More than 500 Venezuelan children have been taken into custody in Colombia, according to government documents. Police in Cucuta regularly turn at least one or two children a day over to the nation’s child welfare agency, where many are then placed in foster homes. At the city’s biggest soup kitchen, some parents have even tried to give their children away.
Rosalba Navarro, a sister with Cucuta’s Roman Catholic archdiocese, says mothers on several occasions have begged her: “Please take them. I don’t have anywhere to keep them.”
Over 1 million Venezuelans have fled across the porous border into Colombia in less than two years, many of them young children. A recent census found that of the estimated 442,500 Venezuelan migrants living in Colombia illegally, about a quarter are minors – 10 percent are 5 years old or younger.
“It’s the young who are coming to the country,” said Belen Villamizar, a lawyer working in Cucuta with Colombia’s child welfare agency. “They are the ones more likely to take the risk. And they come with children.”

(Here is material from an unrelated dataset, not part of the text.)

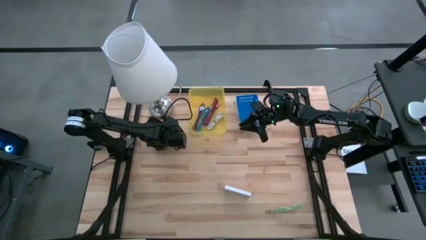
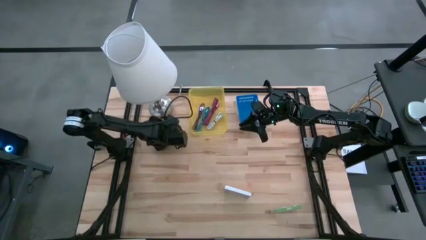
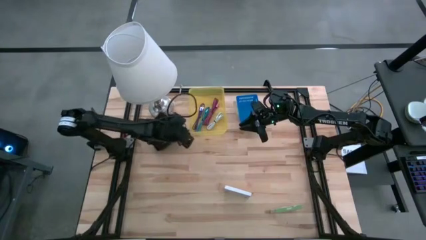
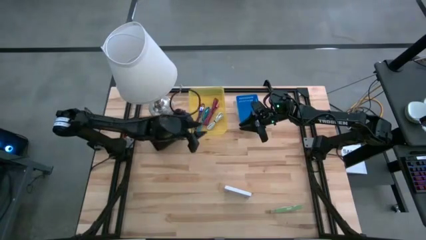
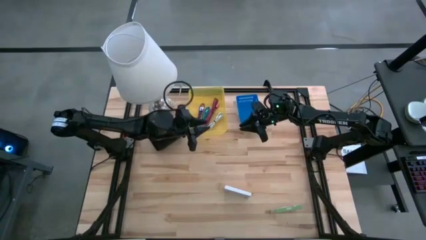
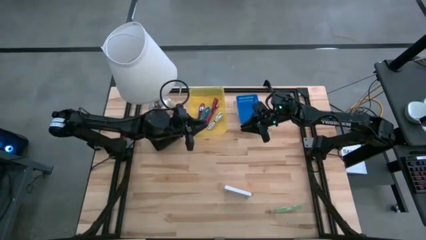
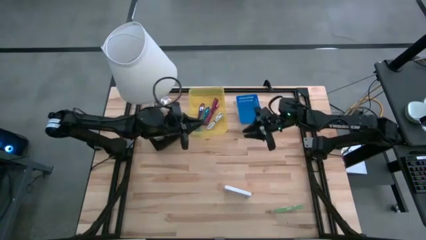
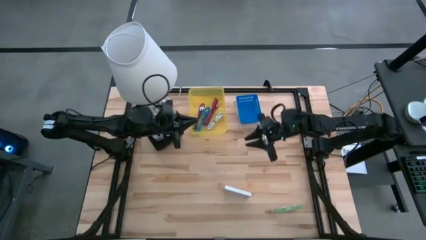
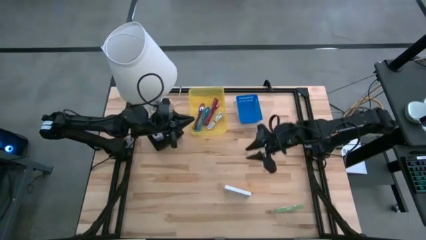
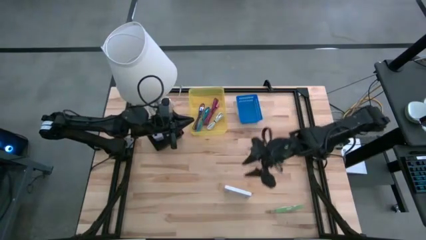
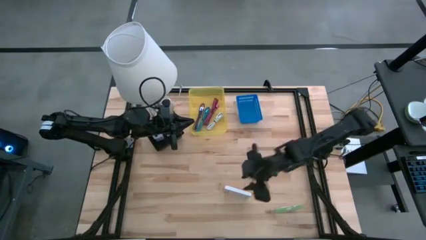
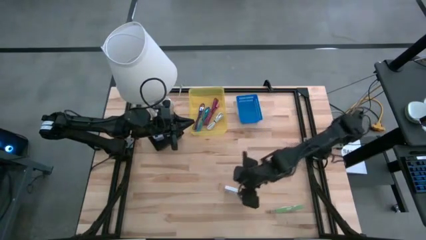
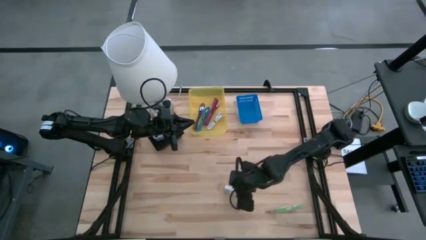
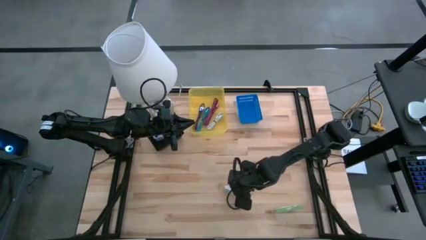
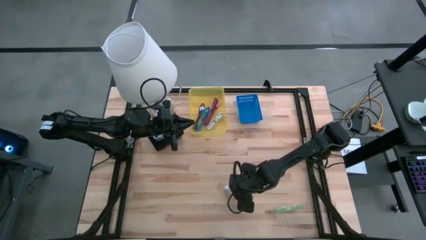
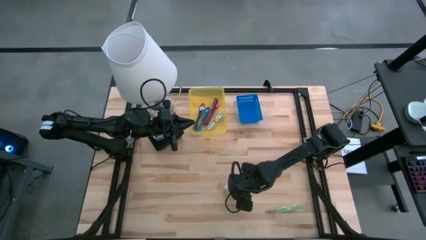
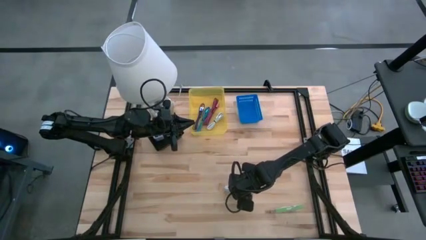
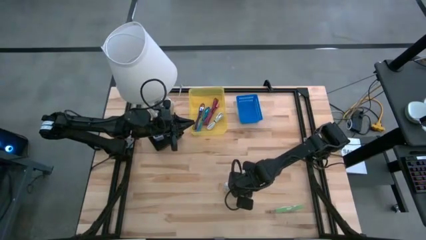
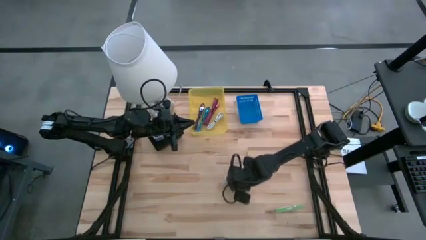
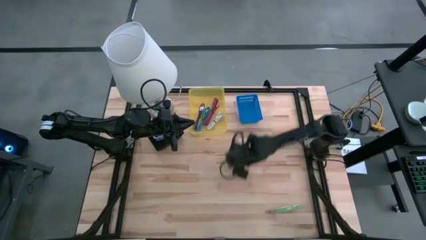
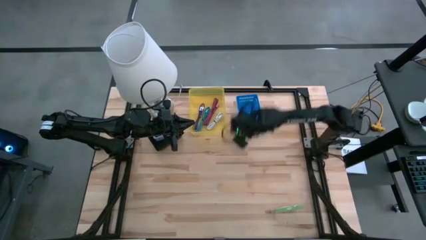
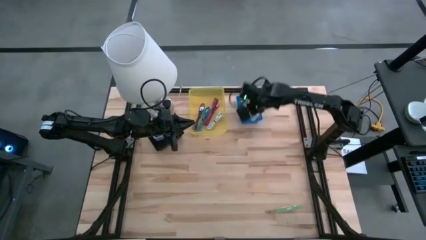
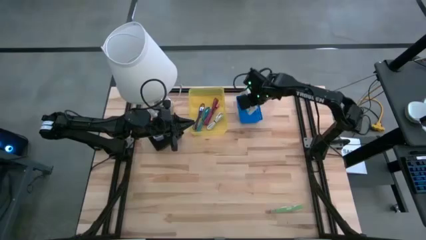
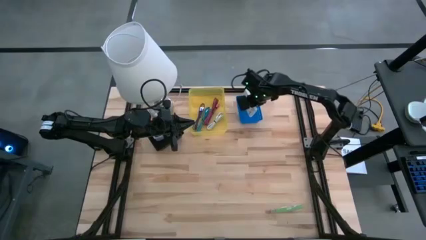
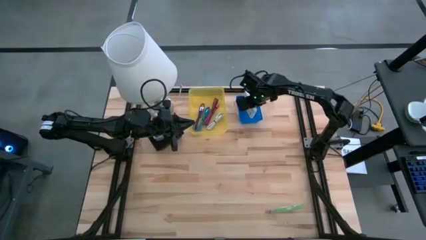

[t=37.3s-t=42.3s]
Task: Pick and place items into bin
Put the left white box into the blue bin

The escalating influx is putting strain on an already stretched child welfare system in Colombia, where decades of war, poverty and social strife have rendered countless children the victims of abandonment, sex abuse and recruitment by illegal armed groups.
Many Venezuelans have made long journeys by foot and bus when they reach Cucuta, a mountainous city where their homeland can easily be seen from its hilltops. They often have little more than a dollar in their pockets, if that, and several mouths to feed.
On a recent evening, Cucuta police found 17-year-old Eliusmar Guerrero selling lollipops with her 18-month-old daughter. Guerrero said she and her husband had been unable to pay for their room in an apartment for the last three days. With no relatives in Colombia to help her care for the child, she said she was left with no choice but to go out in the streets hoping to sell a few candies with her baby in tow.
“We are going hungry here,” she said, balancing her smiling, seemingly oblivious daughter on one hip before the glare of a flashing police light.
As officers transported Guerrero and her daughter to Cucuta’s child welfare offices, she embraced her daughter and began to weep.
“I’m afraid they’ll take her from me,” she said.
In contrast to the United States, where more than 2,000 children were separated from their parents at the border with Mexico under the Trump administration’s zero-tolerance policy, Colombian officials say they are trying to keep newly arrived migrant families together.